Mutating join — coalesce_join • hakedataUSA

A join that adds information from matching columns from y to x. If the value in y is NA, then the value from x will be used. Thus, all new information can be used to overwrite the old information.

coalesce_join(
  x,
  y,
  by = NULL,
  suffix = c(".x", ".y"),
  join = dplyr::full_join,
  ...
)

Arguments

x, y

A pair of data frames, data frame extensions (e.g. a tibble), or lazy data frames (e.g. from dbplyr or dtplyr). See Methods, below, for more details.

by

A join specification created with join_by(), or a character vector of variables to join by.

If NULL, the default, *_join() will perform a natural join, using all variables in common across x and y. A message lists the variables so that you can check they're correct; suppress the message by supplying by explicitly.

To join on different variables between x and y, use a join_by() specification. For example, join_by(a == b) will match x$a to y$b.

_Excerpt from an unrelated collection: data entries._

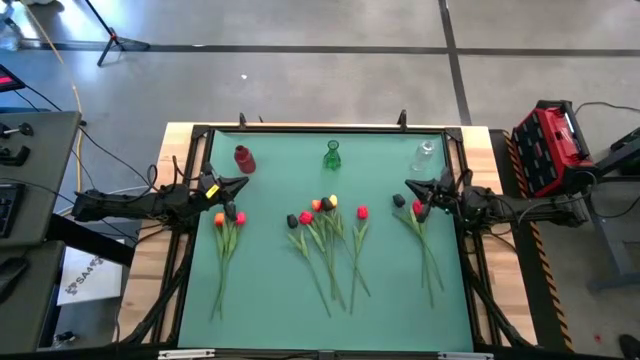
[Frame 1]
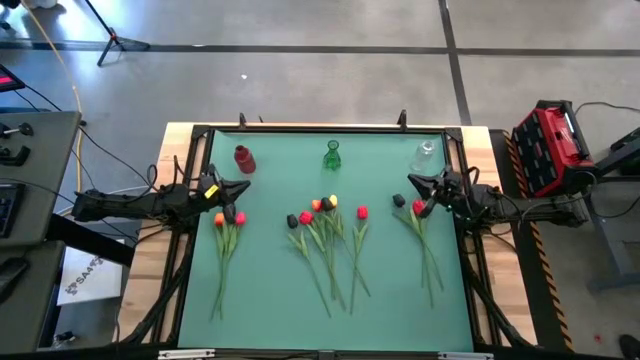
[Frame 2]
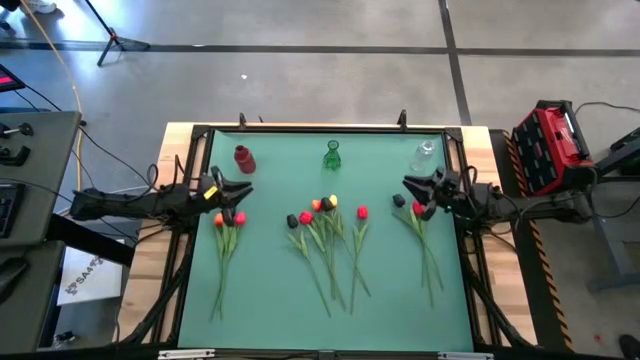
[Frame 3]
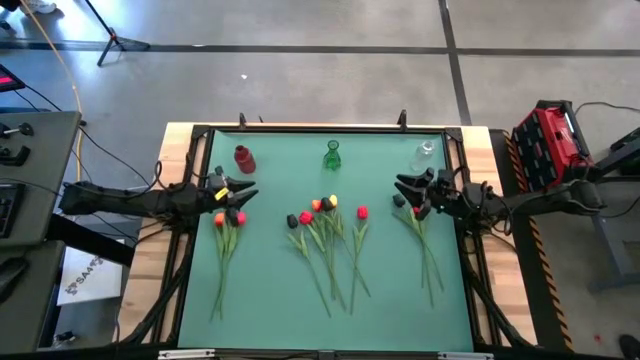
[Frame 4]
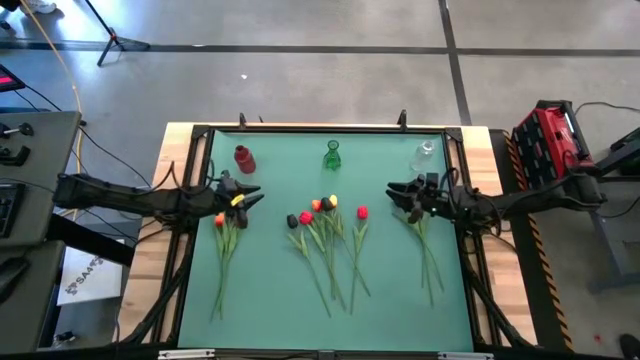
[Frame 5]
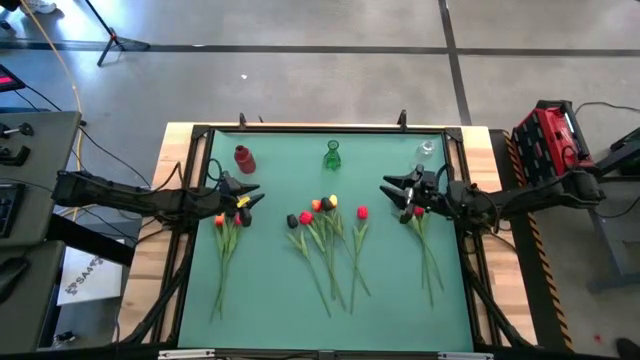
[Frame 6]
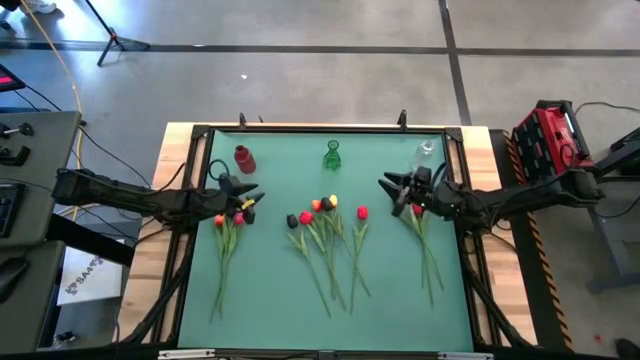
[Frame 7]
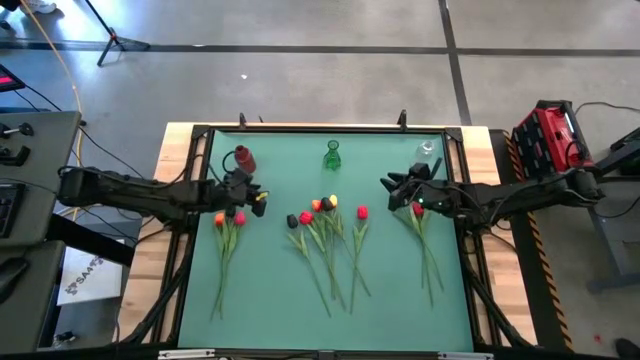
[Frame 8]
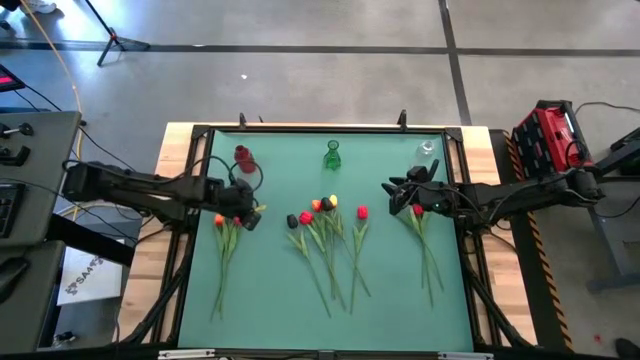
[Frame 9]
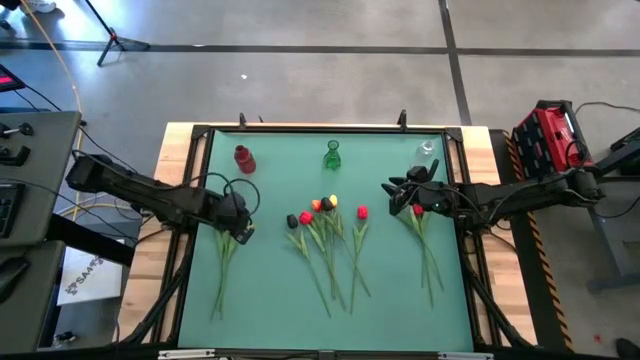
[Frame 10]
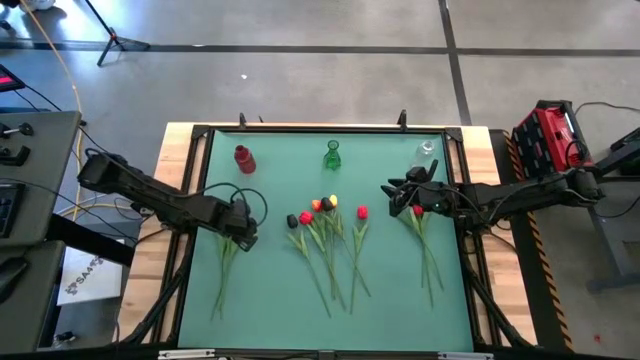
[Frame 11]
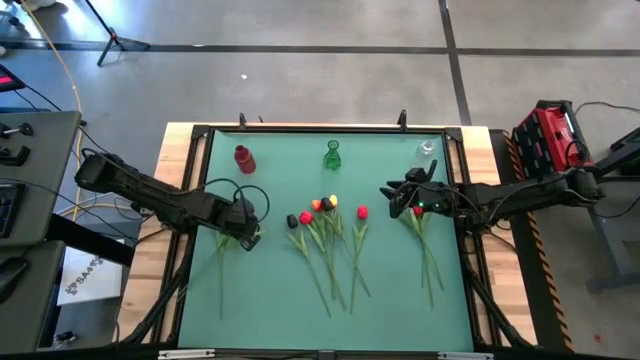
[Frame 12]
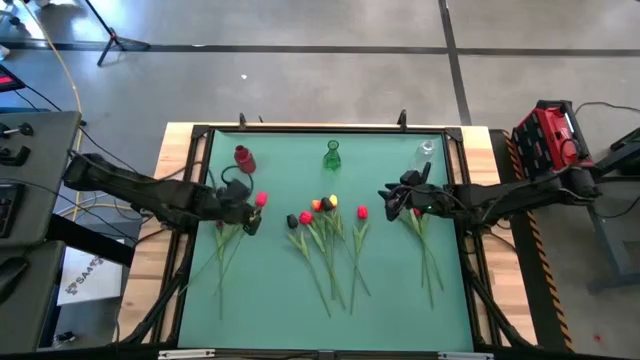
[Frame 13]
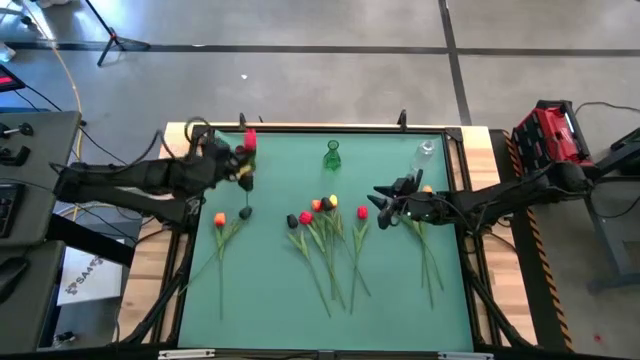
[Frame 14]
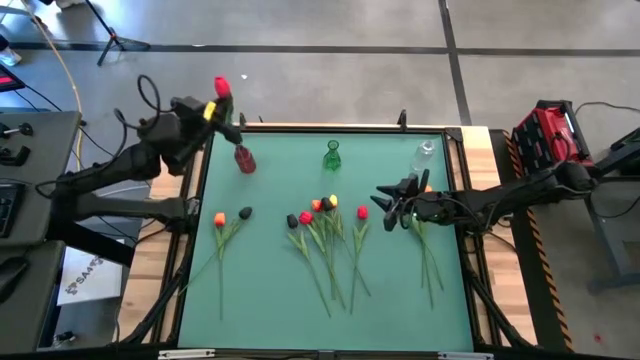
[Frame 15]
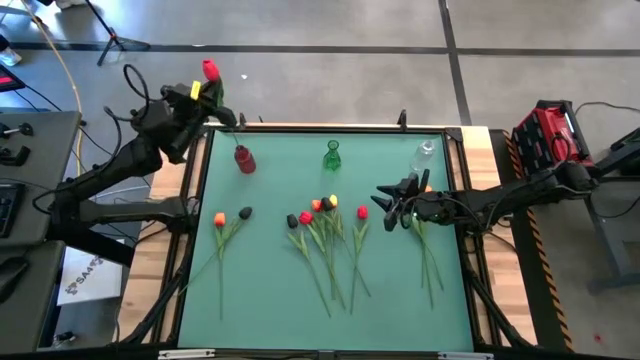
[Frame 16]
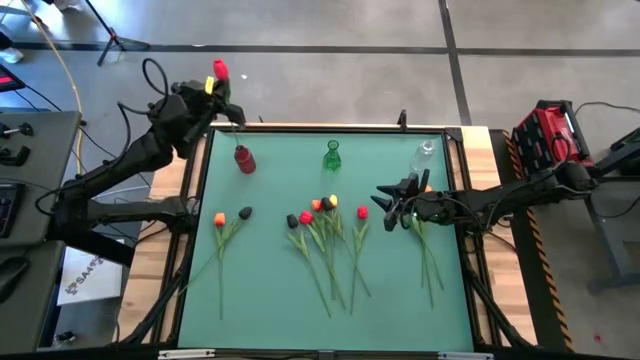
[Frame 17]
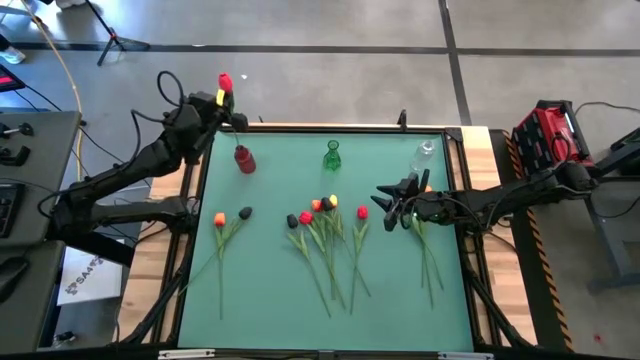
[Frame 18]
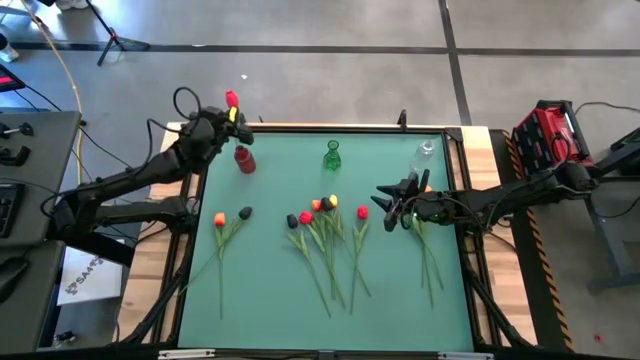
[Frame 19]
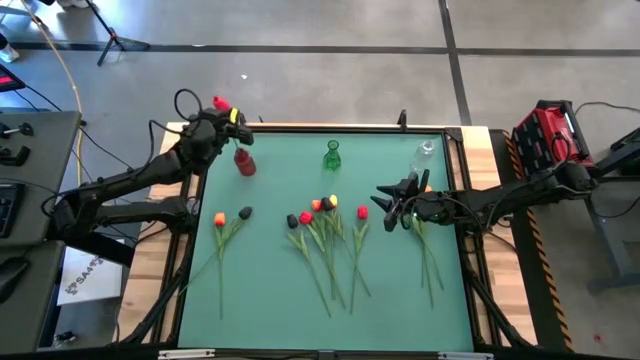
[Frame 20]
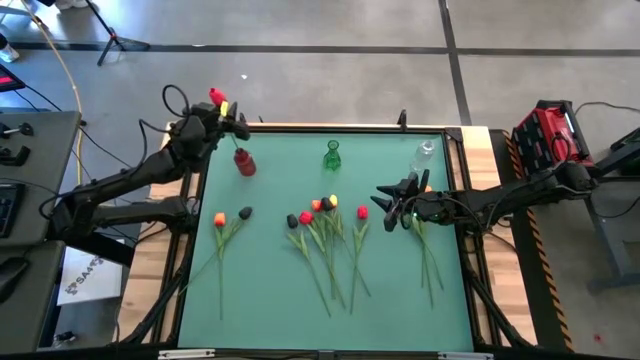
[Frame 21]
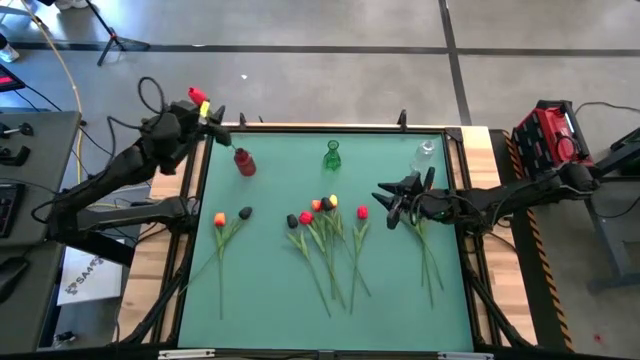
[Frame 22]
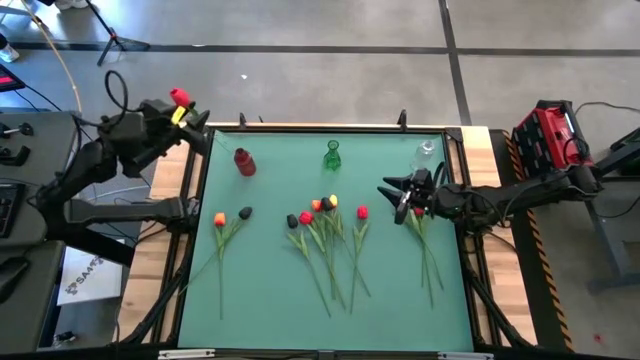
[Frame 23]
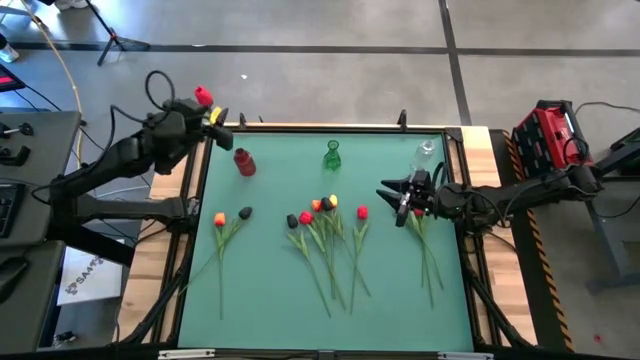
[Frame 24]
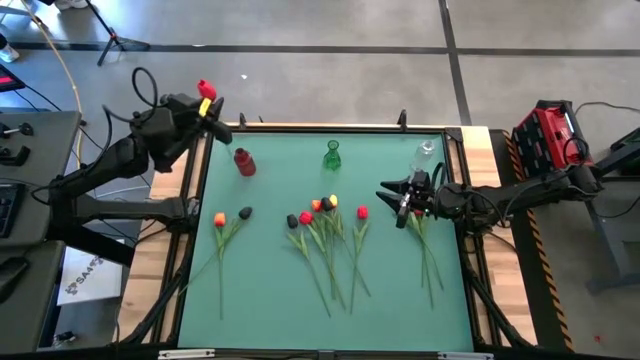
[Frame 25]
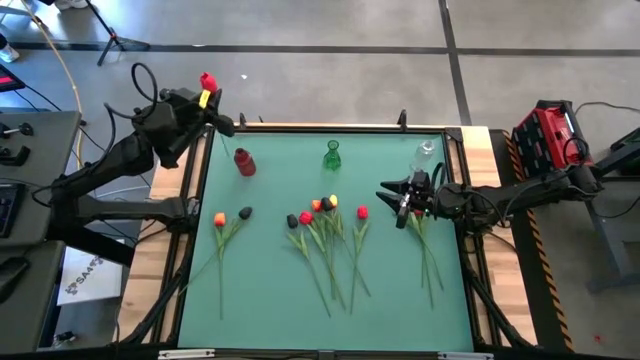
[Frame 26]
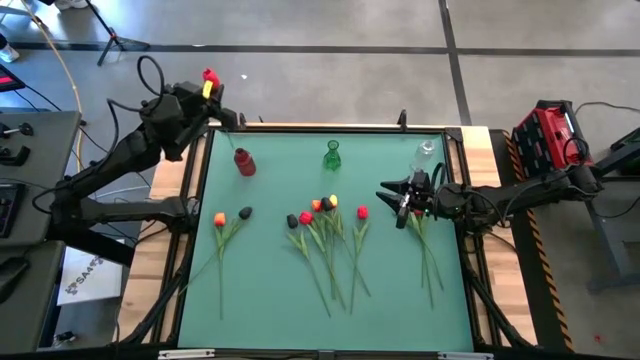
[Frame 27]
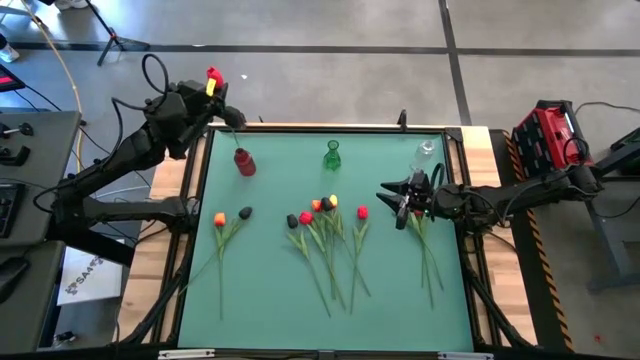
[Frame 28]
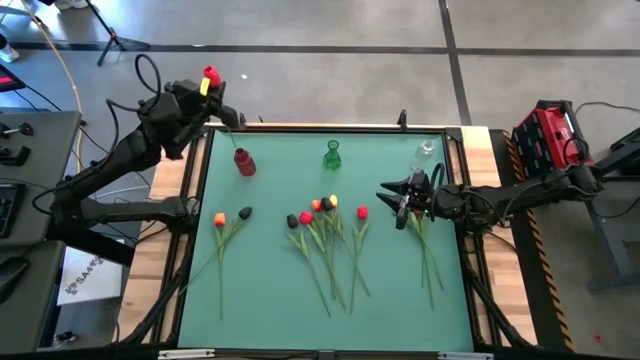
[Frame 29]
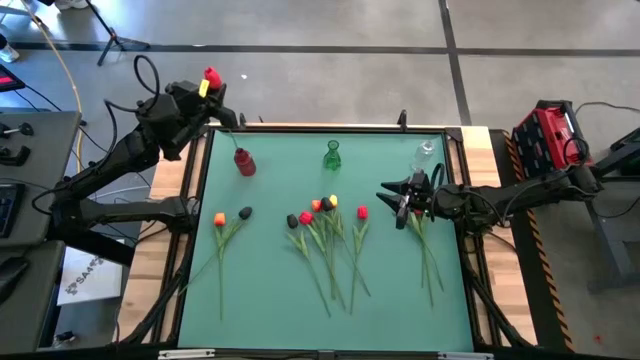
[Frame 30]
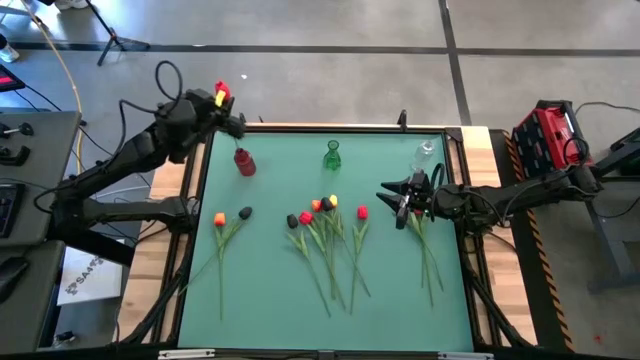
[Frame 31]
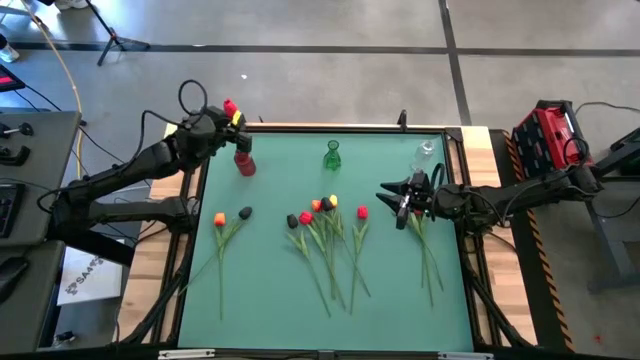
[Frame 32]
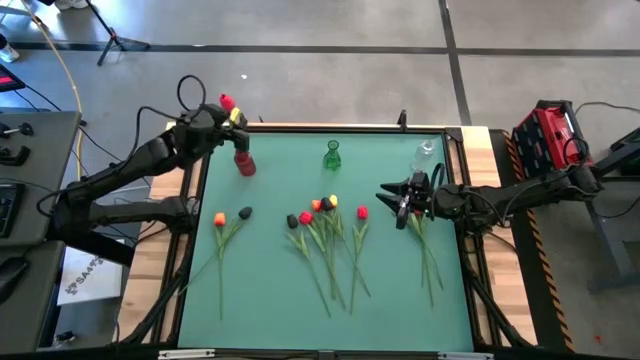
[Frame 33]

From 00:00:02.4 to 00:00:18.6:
Task: Sort flowers into vase by color
Put the left red tulip into the red vase

To join by multiple variables, use a join_by() specification with multiple expressions. For example, join_by(a == b, c == d) will match x$a to y$b and x$c to y$d. If the column names are the same between x and y, you can shorten this by listing only the variable names, like join_by(a, c).

join_by() can also be used to perform inequality, rolling, and overlap joins. See the documentation at ?join_by for details on these types of joins.

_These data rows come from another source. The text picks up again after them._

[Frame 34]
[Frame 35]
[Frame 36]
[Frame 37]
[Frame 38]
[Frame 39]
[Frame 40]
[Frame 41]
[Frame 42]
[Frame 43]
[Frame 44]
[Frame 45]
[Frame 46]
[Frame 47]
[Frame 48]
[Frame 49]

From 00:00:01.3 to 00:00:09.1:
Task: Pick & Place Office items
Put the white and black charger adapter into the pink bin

For simple equality joins, you can alternatively specify a character vector of variable names to join by. For example, by = c("a", "b") joins x$a to y$a and x$b to y$b. If variable names differ between x and y, use a named character vector like by = c("x_a" = "y_a", "x_b" = "y_b").

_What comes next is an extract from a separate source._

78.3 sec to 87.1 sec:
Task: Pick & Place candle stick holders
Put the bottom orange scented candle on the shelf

To perform a cross-join, generating all combinations of x and y, see cross_join().

suffix

If there are non-joined duplicate variables in x and y, these suffixes will be added to the output to disambiguate them. Should be a character vector of length 2.

join

The dplyr function, or function from any other package, that should be used to join x and y. The default is to perform a full join, i.e., dplyr::full_join() between the two data frames.

...

Any additional arguments you wish to supply to the function specified in join.

References

https://alistaire.rbind.io/blog/coalescing-joins/

Author

Edward Visel with some changes from Kelli F. Johnson.